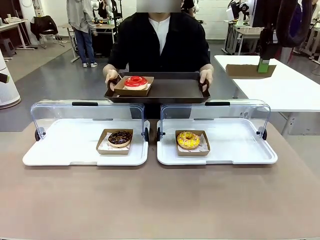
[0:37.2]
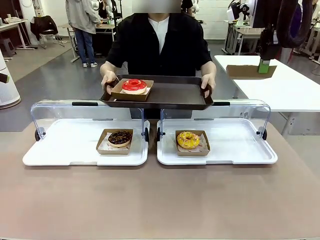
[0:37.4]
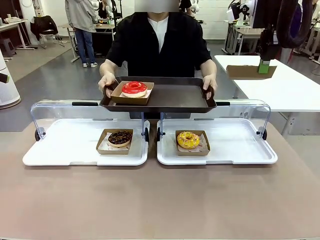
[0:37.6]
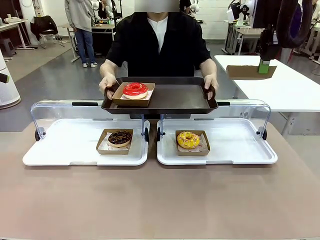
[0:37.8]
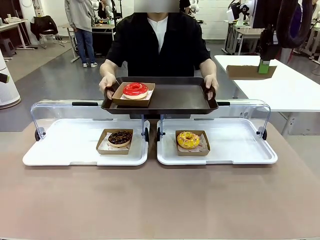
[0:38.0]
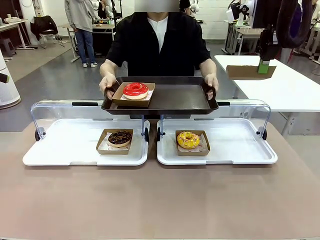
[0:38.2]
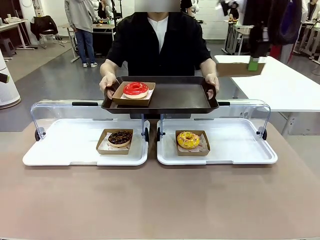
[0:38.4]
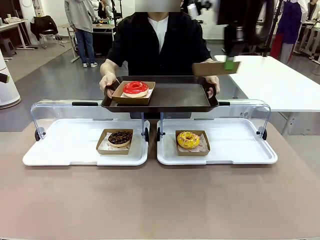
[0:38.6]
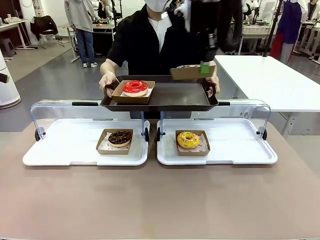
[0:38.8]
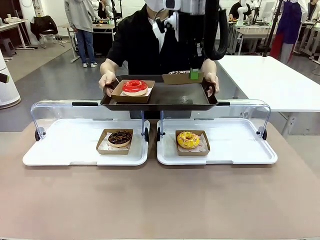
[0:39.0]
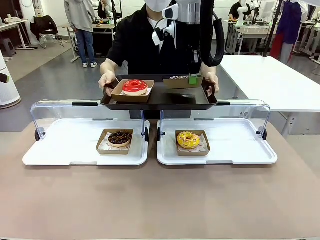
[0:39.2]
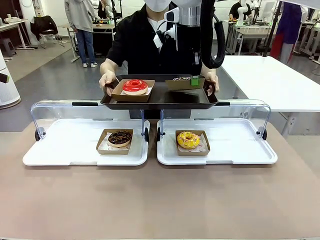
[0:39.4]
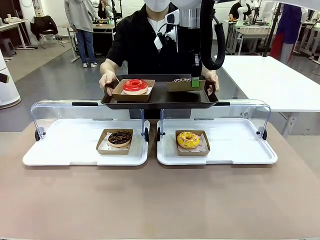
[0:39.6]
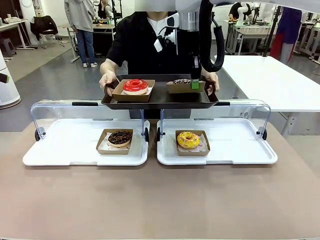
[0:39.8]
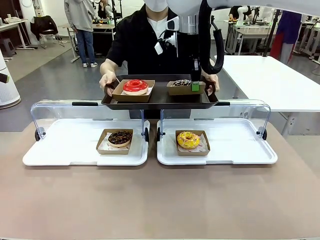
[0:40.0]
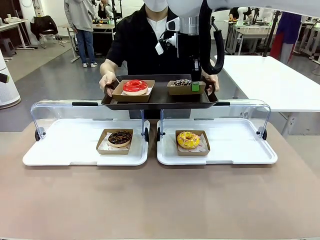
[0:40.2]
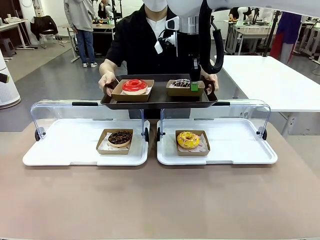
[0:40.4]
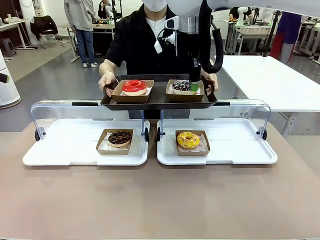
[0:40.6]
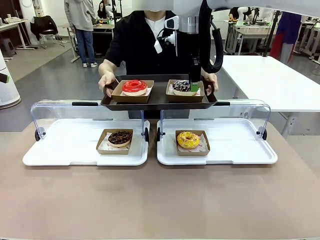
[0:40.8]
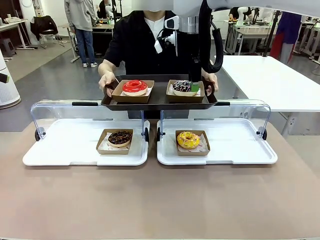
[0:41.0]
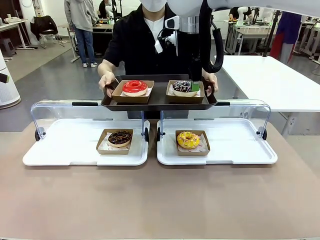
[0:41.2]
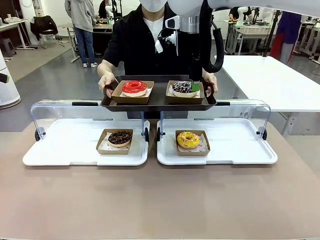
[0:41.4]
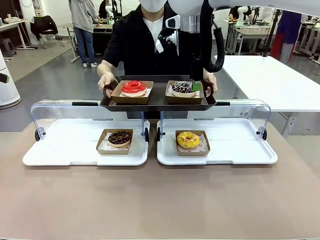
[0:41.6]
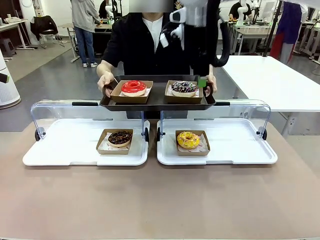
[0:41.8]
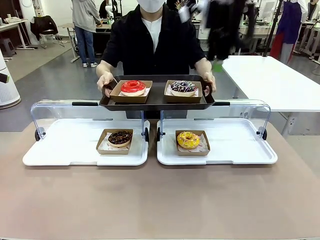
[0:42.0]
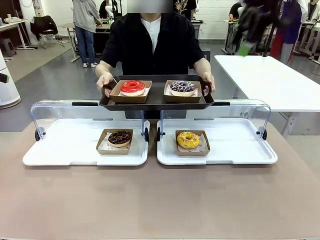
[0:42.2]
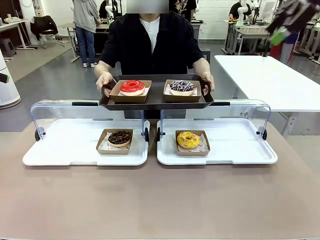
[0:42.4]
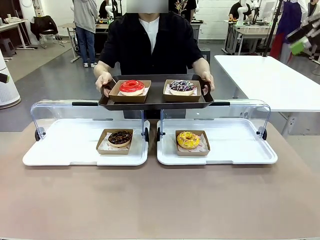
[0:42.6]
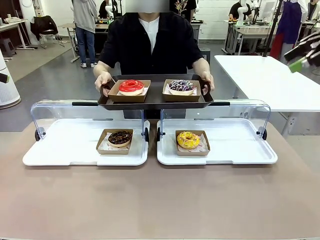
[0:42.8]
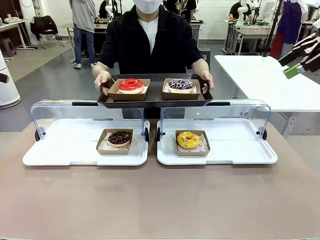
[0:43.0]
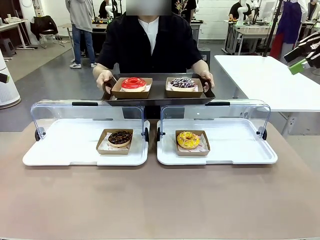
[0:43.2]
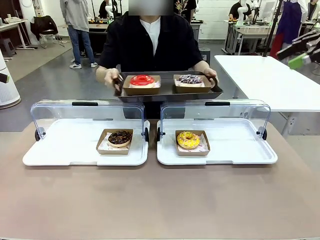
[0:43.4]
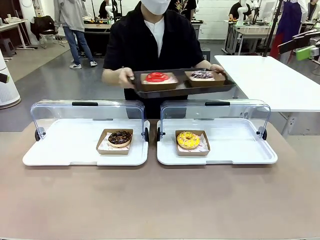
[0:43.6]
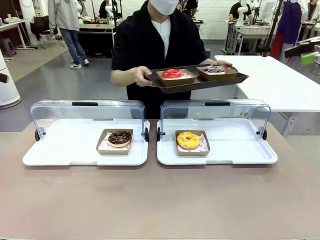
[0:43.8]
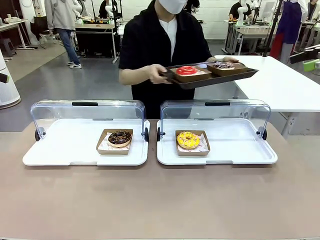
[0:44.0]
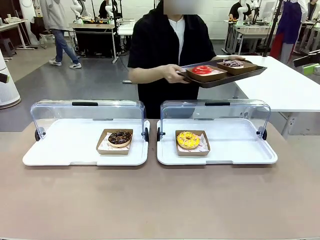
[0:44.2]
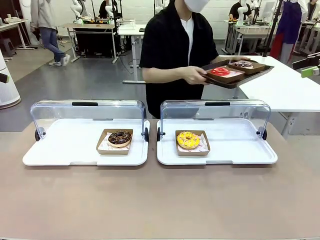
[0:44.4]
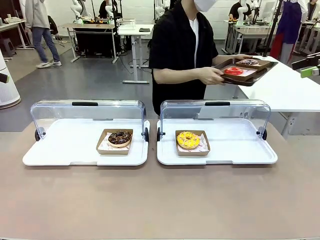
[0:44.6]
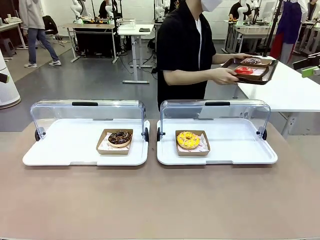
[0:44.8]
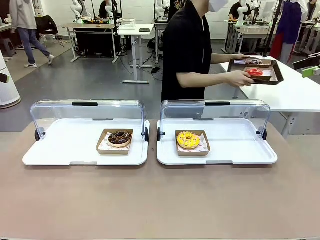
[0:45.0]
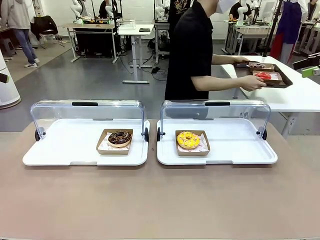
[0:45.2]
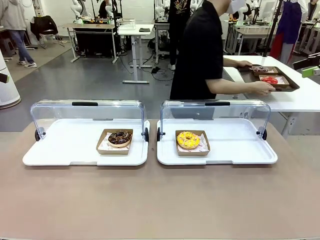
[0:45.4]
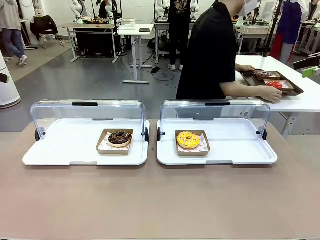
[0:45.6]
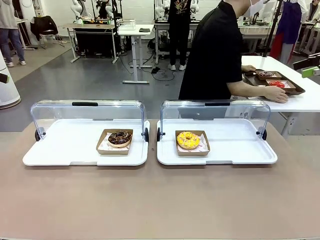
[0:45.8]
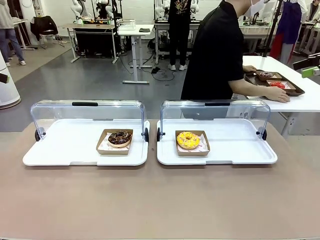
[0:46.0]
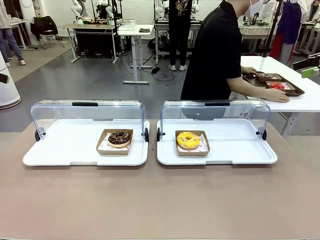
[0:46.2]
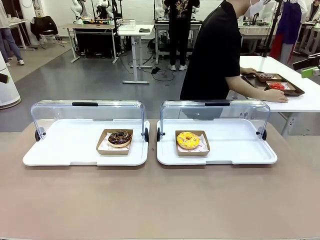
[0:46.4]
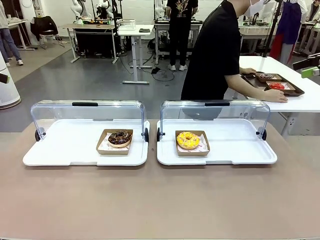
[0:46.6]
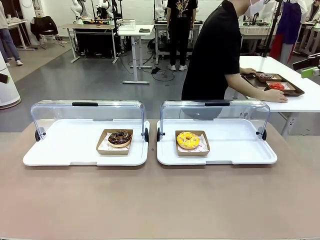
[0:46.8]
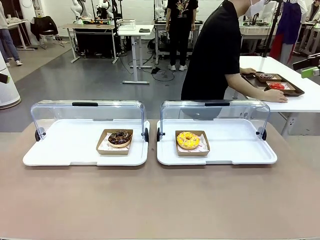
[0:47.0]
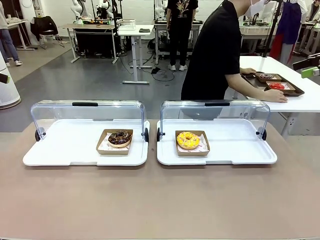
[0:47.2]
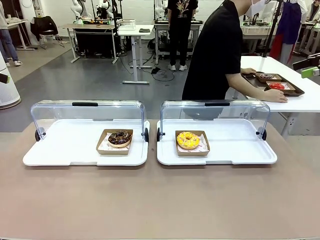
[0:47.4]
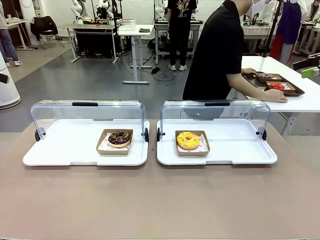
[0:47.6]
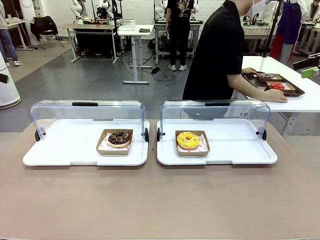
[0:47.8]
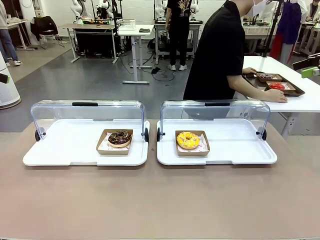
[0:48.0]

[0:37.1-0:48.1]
Task: Provide the desired donut to the person.
Robot: Place the picked Paper togo box onto the Handle tray extended by the person.
Person: Place the tray in the middle of the human table.

....

**WHAT YOU ARE ASKED TO DO:** Only the pictures stay behind; copy everything else in the records above exactly.

**TASK SOLUTION:**
[0:37.2]
[0:37.4]
[0:37.6]
[0:37.8]
[0:38.0]
[0:38.2]
[0:38.4]
[0:38.6]
[0:38.8]
[0:39.0]
[0:39.2]
[0:39.4]
[0:39.6]
[0:39.8]
[0:40.0]
[0:40.2]
[0:40.4]
[0:40.6]
[0:40.8]
[0:41.0]
[0:41.2]
[0:41.4]
[0:41.6]
[0:41.8]
[0:42.0]
[0:42.2]
[0:42.4]
[0:42.6]
[0:42.8]
[0:43.0]
[0:43.2]
[0:43.4]
[0:43.6]
[0:43.8]
[0:44.0]
[0:44.2]
[0:44.4]
[0:44.6]
[0:44.8]
[0:45.0]
[0:45.2]
[0:45.4]
[0:45.6]
[0:45.8]
[0:46.0]
[0:46.2]
[0:46.4]
[0:46.6]
[0:46.8]
[0:47.0]
[0:47.2]
[0:47.4]
[0:47.6]
[0:47.8]
[0:48.0]

[0:37.1-0:48.1]
Task: Provide the desired donut to the person.
Robot: Place the picked Paper togo box onto the Handle tray extended by the person.
Person: Place the tray in the middle of the human table.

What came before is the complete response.